Then German Amazon got it mixed up. There are two different release dates mentioned there, October 2nd and 29th as well, so I guessed it will be released someday in October^^


----------



## SunRisesInTheEas (Sep 23, 2009)

Wow this game is awesome! It's more like an interactive movie à la Laserdisc back in the days but the graphics are top (wii) notch.
Sadly, excessive use of the A button makes playing it with a NYCO Perfect Shot nearly impossible. Runs fine on cIOS rev14 and USB Loader GX with #002 Error handling turned on.


----------



## Satangel (Sep 23, 2009)

Hadrian said:
			
		

> Its a little over 4 gig scrubbed.



Fuck! That way I'll probably never get it :'(.
I would love to have it though, loved (and still loving) the original Dead Space on the PC.

I'll probably get to play it in 2 months or so....


----------



## fuzzyponken (Sep 23, 2009)

Satangel said:
			
		

> Hadrian said:
> 
> 
> 
> ...


Can't you just buy it? If you're that anxious to play I mean...


----------



## EvanUnisil (Sep 23, 2009)

SunRisesInTheEast said:
			
		

> Wow this game is awesome! It's more like an interactive movie à la Laserdisc back in the days but the graphics are top (wii) notch.
> Sadly, excessive use of the A button makes playing it with a NYCO Perfect Shot nearly impossible. Runs fine on cIOS rev14 and USB Loader GX with #002 Error handling turned on.

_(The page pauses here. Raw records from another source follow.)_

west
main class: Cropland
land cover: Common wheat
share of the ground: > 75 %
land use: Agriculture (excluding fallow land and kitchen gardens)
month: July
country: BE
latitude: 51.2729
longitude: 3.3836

How are they using the A button excessively? And isn't there a way to switch the button to another (if there's a head shaking slider surely there's a "switch this button to this button" controller option, right?)


----------



## Stitch (Sep 23, 2009)

You can change the button layout from wiimote + nunchuck to wii zapper. this way it will use B and Z most of  the time, never had to use A.


----------



## EvanUnisil (Sep 23, 2009)

Sweet! Can't wait to give this game a try. It sounds like it's worth buying, the effort they put into it being a good product. Thanks Stitch!


----------



## Hadrian (Sep 23, 2009)

Game is excellent, really good.  Different to other on rail games, felt more immersive.  The story is the main emphasis here, some games in the genre just seemed to have a story tacked on at the end.

I got the impression that it was originally a 3rd person game but they changed it to on rails mid way through development not fussed either way, a fun game is a fun game regardless of whether you control the player or not.

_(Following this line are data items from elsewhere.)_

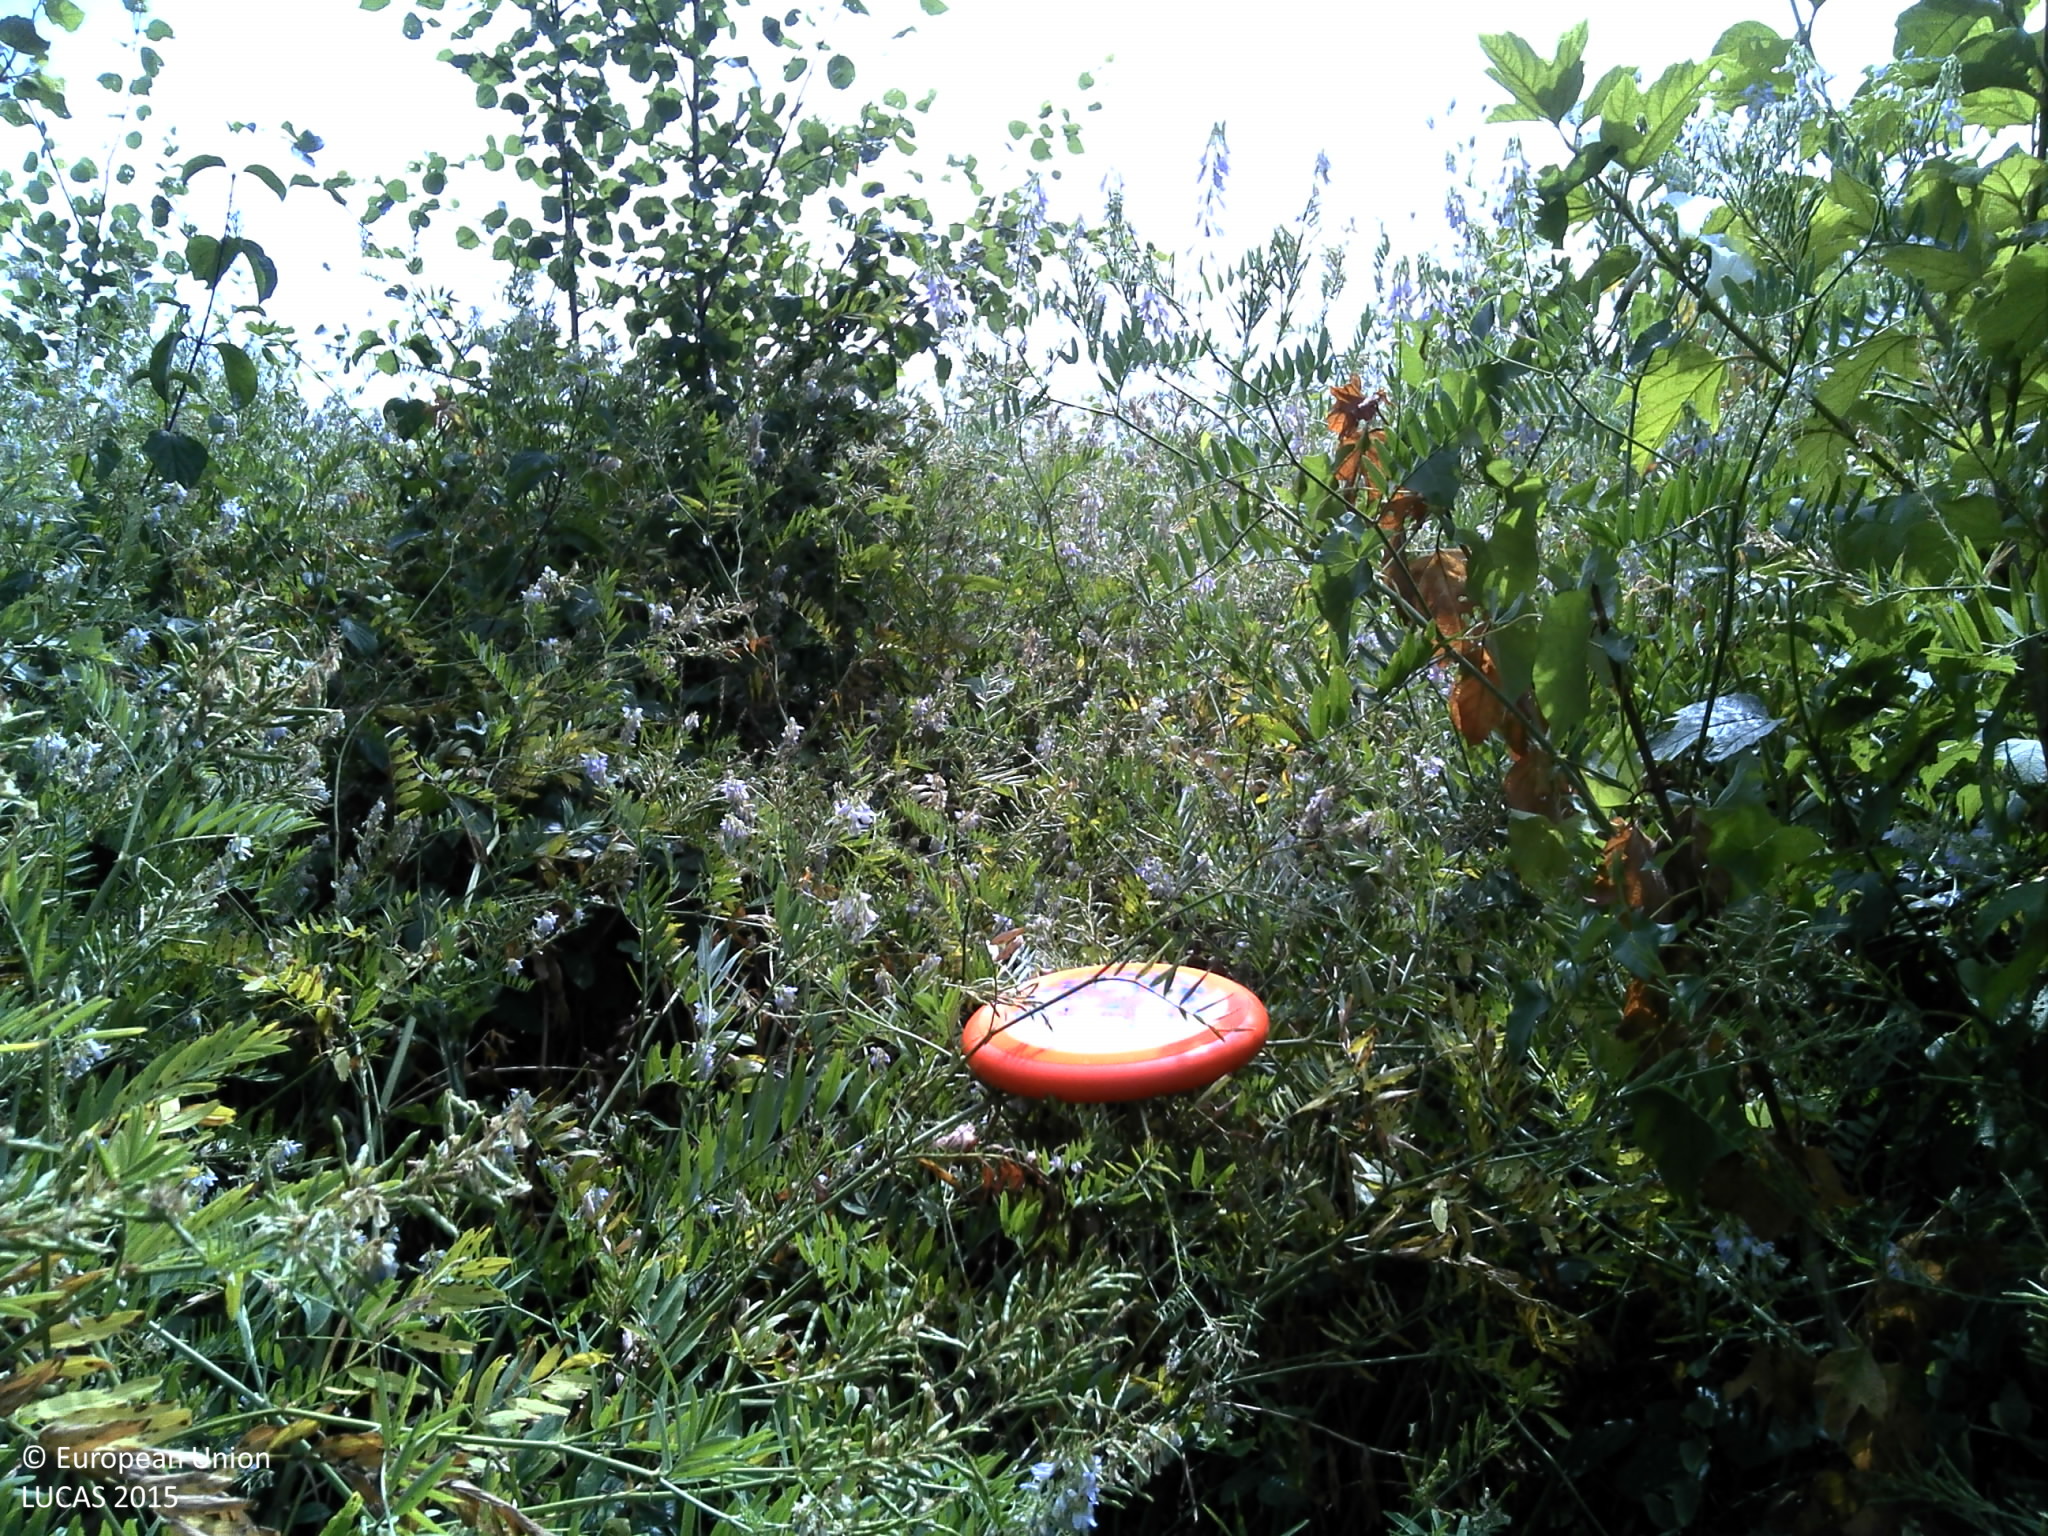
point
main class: Grassland
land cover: Spontaneously vegetated surfaces
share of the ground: > 75 %
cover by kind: herbaceous plants 95 %, shrubs 5 %
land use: Semi-natural and natural areas not in use
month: July
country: FR
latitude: 48.8992
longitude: 4.9096

EA are really doing well with these exclusive Wii titles, unlike Activision and their slurry of shovelware that DDI would have released.


----------



## nIxx (Sep 23, 2009)

Hadrian said:
			
		

> I got the impression that it was originally a 3rd person game but they changed it to on rails mid way through development not fussed either way, a fun game is a fun game regardless of whether you control the player or not.



I had the exact same feeling especially since the engine seems to run very good and the graphics are pretty nice (for a Wii of course).
I guess we will see more with the same engine.


----------



## Skizzo (Sep 23, 2009)

fuzzyponken said:
			
		

> Satangel said:
> 
> 
> 
> ...


What, aren't poor people allowed to be anxious too?


----------



## bodean (Sep 23, 2009)

So does this work with USB Loader on NTSC system, seeing this is pal?


----------



## sord_id (Sep 23, 2009)

it works like a charm on NTSC system with conf usb loader and rev14 
	

	
	
		
		

		
		
	


	




 this is the best on-rails shooter on wii and probably one of the best games to hit the console this year!! the graphics are so good that u must see it to believe it's on wii !


----------



## KTroopA (Sep 24, 2009)

wow they did a great job on this. yes its on rails but the story and way it plays is pretty good. 1st person camera feels quite invloving. superb graphics and lighting. by far the best on wii so far. A+

only critiscism is the camera shake is  too much for my liking on default. i turned it down one notch and much better. overall i think this is gona be a big seller. the production values are very high


----------



## scrappy (Sep 24, 2009)

Is anyone else having problems with audio?
Regardless what level setting under audio options, there is absolutely no sound during gameplay.
Started with Neogamma R7 and WiiFlow, tried different languages, only silence...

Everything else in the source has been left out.